The distribution of directions in an affine lattice: two-point correlations and mixed moments

TL;DR

This paper investigates the statistical distribution of directions in affine lattices, showing that the two-point correlations are Poissonian and establishing the convergence of mixed moments under certain conditions.

Contribution

It proves the existence of Poissonian two-point correlation functions for affine lattice directions and extends results to mixed moments, answering a recent open question.

Findings

Two-point correlation functions are Poissonian.

The limit of mixed moments exists under Diophantine conditions.

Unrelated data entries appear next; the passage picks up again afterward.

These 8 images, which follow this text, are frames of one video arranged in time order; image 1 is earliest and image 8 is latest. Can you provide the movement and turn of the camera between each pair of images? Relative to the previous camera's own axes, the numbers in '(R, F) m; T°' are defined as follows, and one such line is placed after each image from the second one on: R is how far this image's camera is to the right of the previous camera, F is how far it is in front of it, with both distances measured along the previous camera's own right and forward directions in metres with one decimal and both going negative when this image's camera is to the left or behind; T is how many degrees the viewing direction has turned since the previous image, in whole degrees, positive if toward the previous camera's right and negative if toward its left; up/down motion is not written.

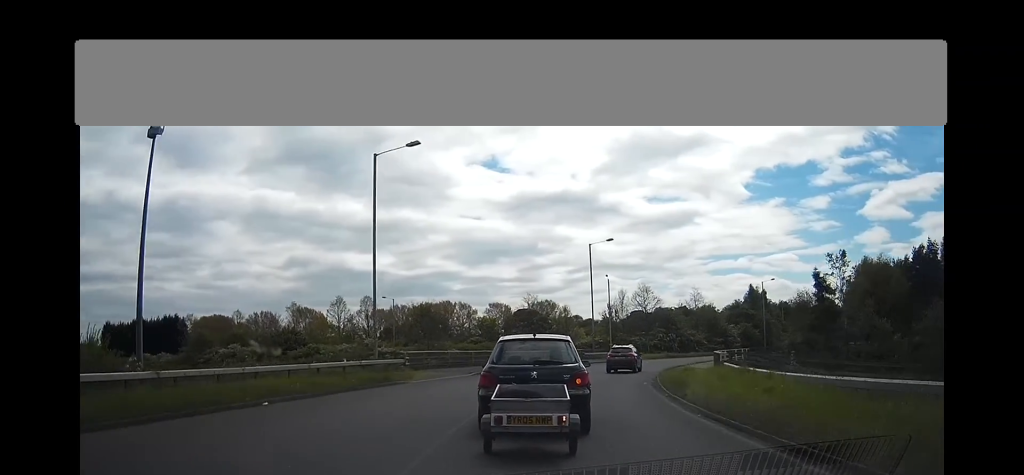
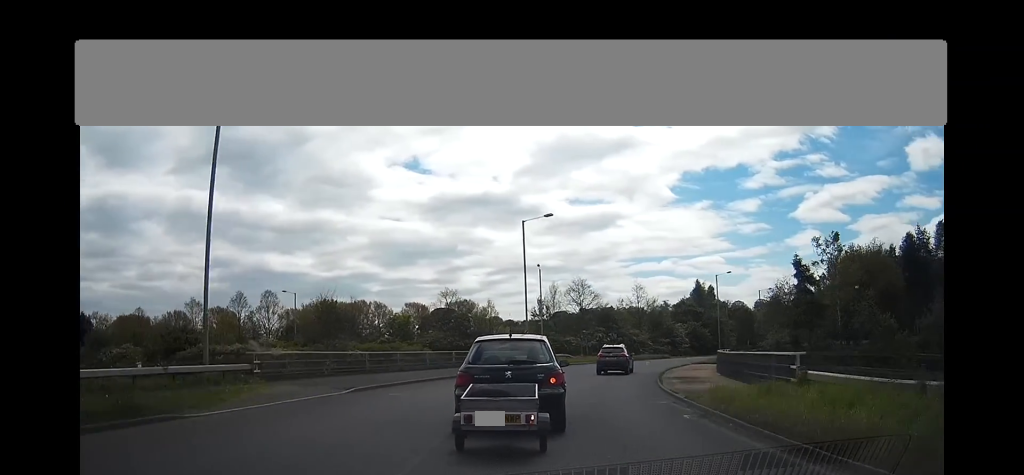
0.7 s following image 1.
(+1.2, +12.9) m; +9°
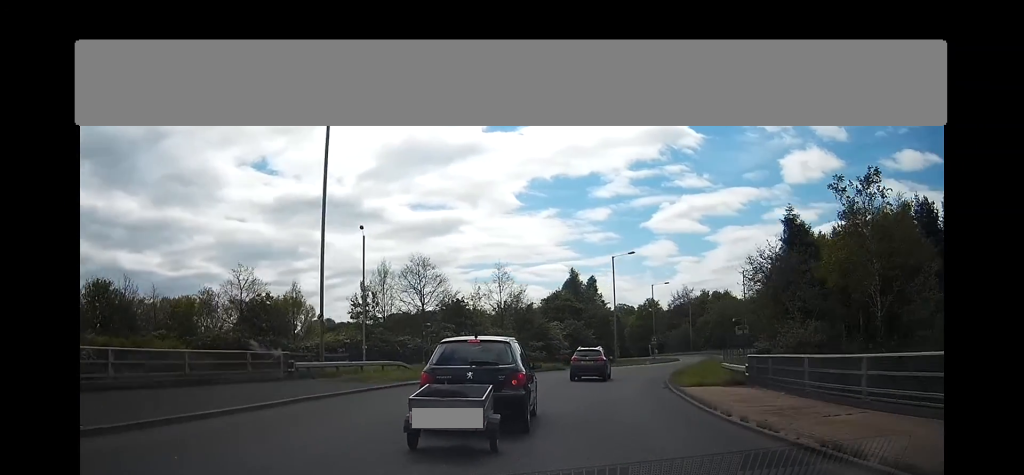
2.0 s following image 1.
(+3.7, +25.4) m; +16°
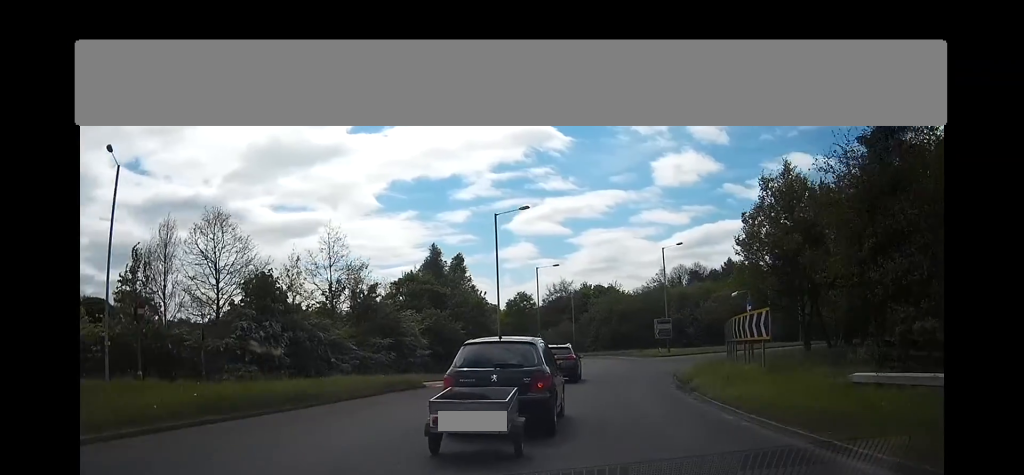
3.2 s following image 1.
(+2.8, +22.3) m; +13°
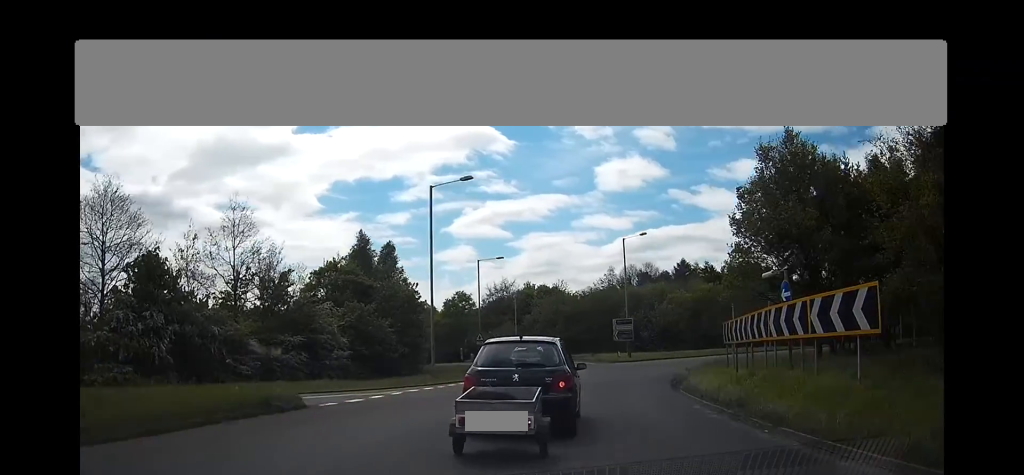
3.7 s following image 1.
(+0.3, +8.7) m; +4°
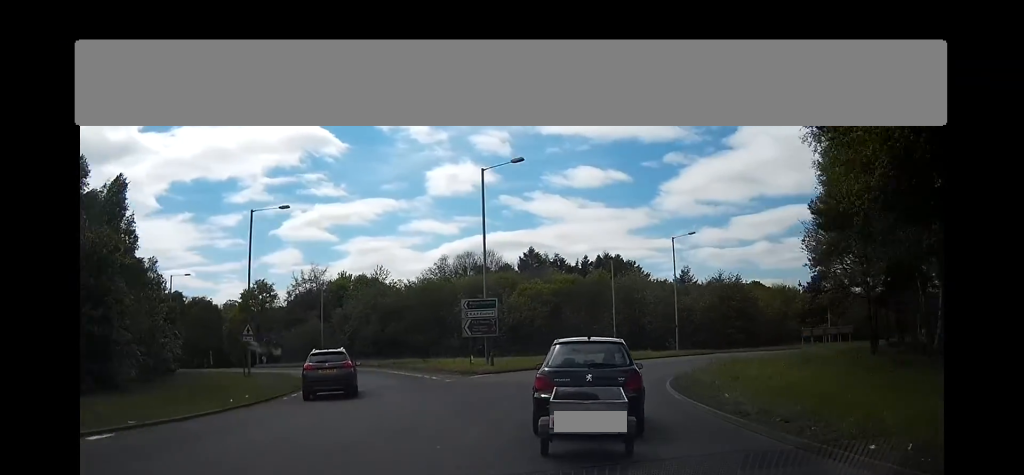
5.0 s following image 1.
(+2.7, +25.1) m; +15°
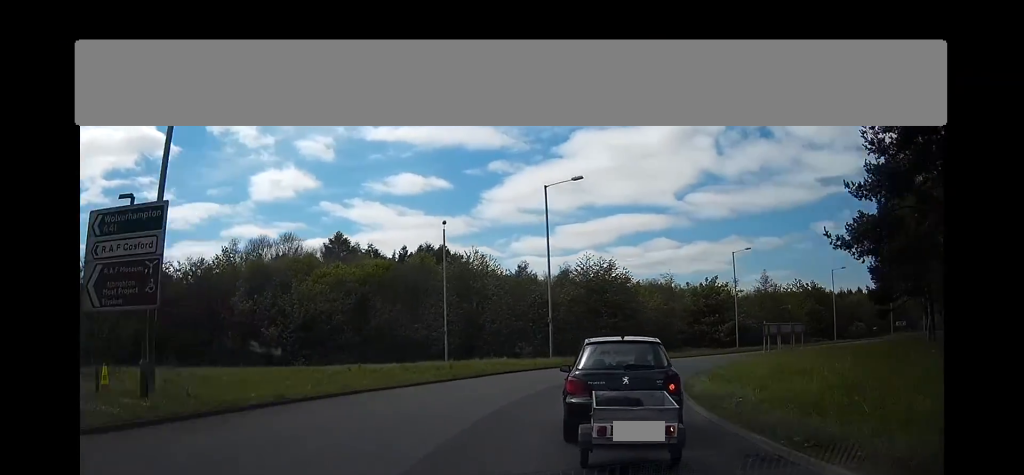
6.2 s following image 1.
(+3.8, +22.4) m; +21°
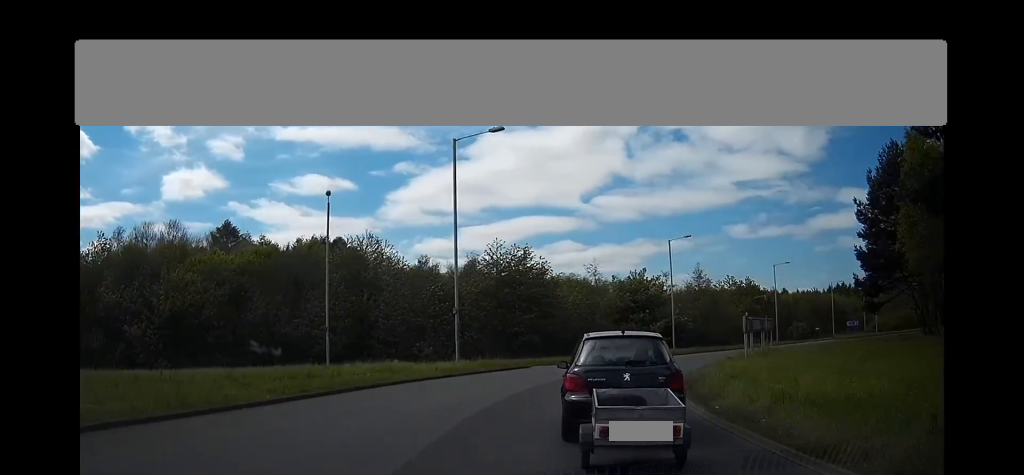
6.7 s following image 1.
(+0.4, +10.0) m; +10°

The gap distribution differs from the Poisson process, exhibiting a heavy tail.

Abstract

We consider an affine Euclidean lattice and record the directions of all lattice vectors of length at most $T$. Str\"ombergsson and the second author proved in [Annals of Math.~173 (2010), 1949--2033] that the distribution of gaps between the lattice directions has a limit as $T$ tends to infinity. For a typical affine lattice, the limiting gap distribution is universal and has a heavy tail; it differs distinctly from the gap distribution observed in a Poisson process, which is exponential. The present study shows that the limiting two-point correlation function of the projected lattice points exists and is Poissonian. This answers a recent question by Boca, Popa and Zaharescu [arXiv:1302.5067]. The existence of the limit is subject to a certain Diophantine condition. We also establish the convergence of more general mixed moments.